#### Work required:
Read through the records. Copy each line that has the word "normal".
[[ Working data, beginning ]]
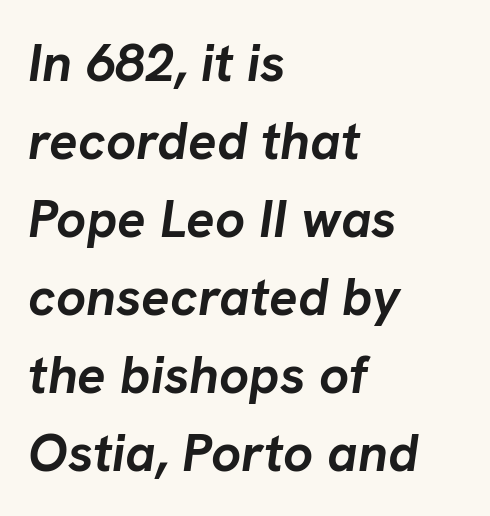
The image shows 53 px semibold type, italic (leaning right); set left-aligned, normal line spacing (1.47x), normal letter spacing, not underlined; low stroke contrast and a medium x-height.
[[ Working data, end ]]
[[ Working data, beginning ]]
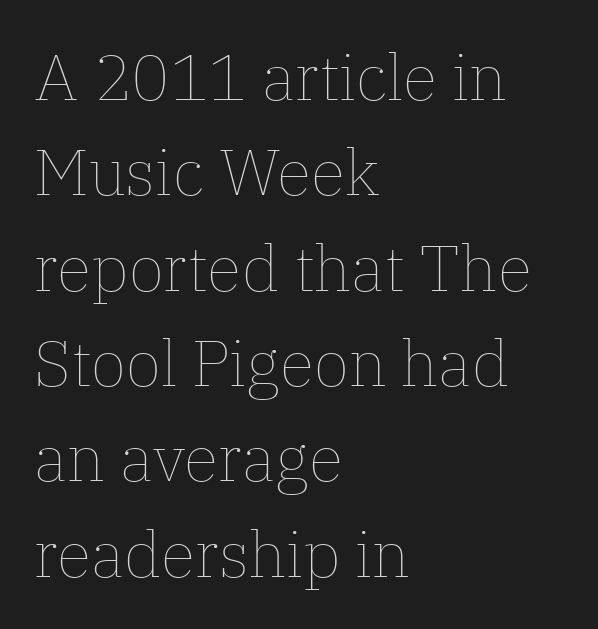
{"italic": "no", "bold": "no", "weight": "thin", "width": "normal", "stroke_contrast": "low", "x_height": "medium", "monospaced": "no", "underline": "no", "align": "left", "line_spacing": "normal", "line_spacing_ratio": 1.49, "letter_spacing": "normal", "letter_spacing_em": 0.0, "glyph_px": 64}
[[ Working data, end ]]
[[ Working data, beginning ]]
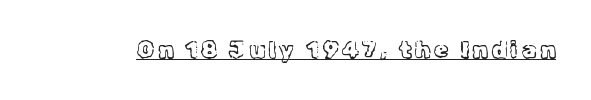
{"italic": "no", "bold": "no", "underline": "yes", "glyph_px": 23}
[[ Working data, end ]]
#### Output for this task:
The image shows 53 px semibold type, italic (leaning right); set left-aligned, normal line spacing (1.47x), normal letter spacing, not underlined; low stroke contrast and a medium x-height.
{"italic": "no", "bold": "no", "weight": "thin", "width": "normal", "stroke_contrast": "low", "x_height": "medium", "monospaced": "no", "underline": "no", "align": "left", "line_spacing": "normal", "line_spacing_ratio": 1.49, "letter_spacing": "normal", "letter_spacing_em": 0.0, "glyph_px": 64}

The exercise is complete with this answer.